Google Seeks Crowdsourcing of “Citizen Cartographers” for U.S. Maps
Is there any place in the world that you know better than your own neighborhood or haunt? How would you like to aid Google in making their knowledge of the area smarter? That’s what’s happening right now as Google is inviting its own users to help them curate their vast maps of United States neighborhoods and tapping their own customer base to become citizen cartographers.
“Today we’re opening the map of the United States in Google Map Maker for you to add your expert local knowledge directly. You know your neighborhood or hometown best, and with Google Map Maker you can ensure the places you care about are richly represented on the map. For example, you can fix the name of your local pizza parlor, or add a description of your favorite book store,” Google recently blogged.
The Google Map Maker software underneath it all has existed for quite some time and Google has used it extensively in other countries—but this is the first time they’ve put much pressure on U.S. maps and citizens.
The software permits users to draw lines to promote boundaries, to show the locations of streets, place buildings, parking lots, add local data and expertise to what might otherwise be dull satellite and street maps. Not all of the data the Google receives is correct and it can fall out of date extremely quickly. By putting a few heads together, a community can greatly increase the accuracy of their data on Google Maps by correcting business names, changing who is in what building (i.e. that coffee shop that replaced a retail outlet only three months ago.)

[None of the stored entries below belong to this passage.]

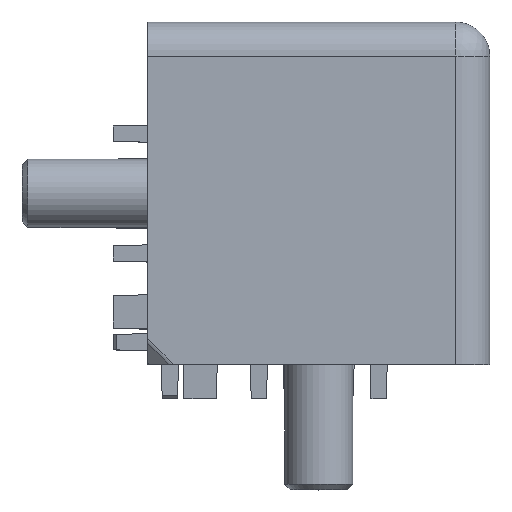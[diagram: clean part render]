
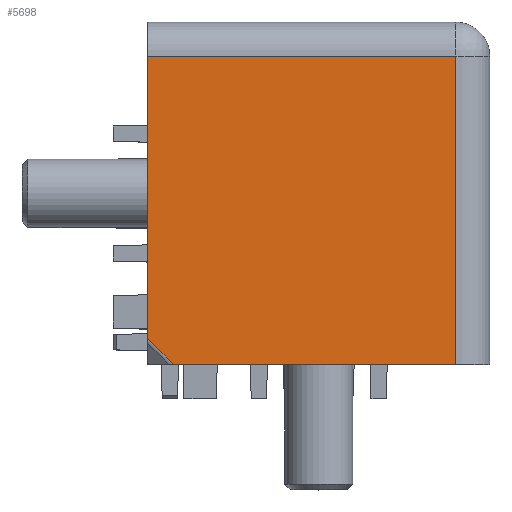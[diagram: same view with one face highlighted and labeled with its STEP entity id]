
A CAD part, top view. The second image highlights one B-rep face of the part: STEP entity #5698.
In plain terms, the highlighted face is planar.
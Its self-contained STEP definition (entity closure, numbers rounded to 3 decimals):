
#435=PLANE('',#6248);
#1003=LINE('',#10035,#1600);
#1007=LINE('',#10048,#1604);
#1012=LINE('',#10063,#1609);
#1013=LINE('',#10064,#1610);
#1014=LINE('',#10065,#1611);
#1600=VECTOR('',#7621,1000.);
#1604=VECTOR('',#7633,1000.);
#1609=VECTOR('',#7648,1000.);
#1610=VECTOR('',#7649,1000.);
#1611=VECTOR('',#7650,1000.);
#1926=FACE_OUTER_BOUND('',#2264,.T.);
#2264=EDGE_LOOP('',(#5187,#5188,#5189,#5190,#5191));
#2887=VERTEX_POINT('',#9223);
#2963=VERTEX_POINT('',#10032);
#2964=VERTEX_POINT('',#10034);
#2968=VERTEX_POINT('',#10046);
#2969=VERTEX_POINT('',#10047);
#3716=EDGE_CURVE('',#2963,#2964,#1003,.T.);
#3723=EDGE_CURVE('',#2968,#2969,#1007,.T.);
#3732=EDGE_CURVE('',#2963,#2887,#1012,.T.);
#3733=EDGE_CURVE('',#2887,#2968,#1013,.T.);
#3734=EDGE_CURVE('',#2969,#2964,#1014,.T.);
#5187=ORIENTED_EDGE('',*,*,#3732,.T.);
#5188=ORIENTED_EDGE('',*,*,#3733,.T.);
#5189=ORIENTED_EDGE('',*,*,#3723,.T.);
#5190=ORIENTED_EDGE('',*,*,#3734,.T.);
#5191=ORIENTED_EDGE('',*,*,#3716,.F.);
#5698=ADVANCED_FACE('',(#1926),#435,.T.);
#6248=AXIS2_PLACEMENT_3D('',#10062,#7646,#7647);
#7621=DIRECTION('',(-0.577,0.816,0.));
#7633=DIRECTION('',(-0.577,-0.408,0.707));
#7646=DIRECTION('center_axis',(0.577,0.408,0.707));
#7647=DIRECTION('ref_axis',(0.577,0.408,-0.707));
#7648=DIRECTION('',(0.577,0.408,-0.707));
#7649=DIRECTION('',(-0.577,0.816,0.));
#7650=DIRECTION('',(0.,-0.866,0.5));
#9223=CARTESIAN_POINT('',(-3.464,1.225,2.121));
#10032=CARTESIAN_POINT('',(-19.053,-9.798,21.213));
#10034=CARTESIAN_POINT('',(-33.346,10.416,21.213));
#10035=CARTESIAN_POINT('',(-17.321,-12.247,21.213));
#10046=CARTESIAN_POINT('',(-19.053,23.27,2.121));
#10047=CARTESIAN_POINT('',(-33.346,13.163,19.627));
#10048=CARTESIAN_POINT('',(-18.475,23.678,1.414));
#10062=CARTESIAN_POINT('Origin',(-17.321,24.495,0.));
#10063=CARTESIAN_POINT('',(-1.732,2.449,0.));
#10064=CARTESIAN_POINT('',(-19.053,23.27,2.121));
#10065=CARTESIAN_POINT('',(-33.346,10.553,21.134));

This sort of software would benefit smartphone users especially by giving an extra expert level to local reality augmentation. We’ve already seen it starting to pour out of map makers like MapQuest attempting to push onto Google Android—even if Google Maps already has a strong showing there, especially with offline-downloadable data that can combine with GPS. I imagine check-ins and GPS would go together well with Map Maker and a smartphone so that a person could trace out a route, upload that information, and the refine it in Map Maker before submitting it. What better time to correct out-of-date data on a map then when you’re on-the-go, stop at a location, check your Google Map and discover that there’s a typo in a name or that a boundary is thirty feet off?
Google is pushing hard into the mapping augmentation and citizen curation avenues for community involvement—see museum photos and auto-checkin—and they have the userbase to effectively leverage this as well.
The details that boots-on-the-ground citizens could add to a place combined with proper review and release will probably make Google the go-to map provider when it comes to well-trod neighborhoods. Perhaps it’s just me, but I’d also like to see citizen cartographer maps that aren’t curated by people other than Google. I imagine ARGs and fantasy-games running on their own communities of Google maps where regions are set aside by users, such is as already done by some interesting AJAX for Google Maps.
“Share My Google Map” becoming just as vogue as “Share my Google Calendar” anyone? I’d love to be able to see what my friends have added that isn’t for public consumption. After all, a community isn’t just made up of what’s globally or publicly visible, it’s also all the inside knowledge that makes up the connections and relationships, from notes scrawled in our atlases and on napkins.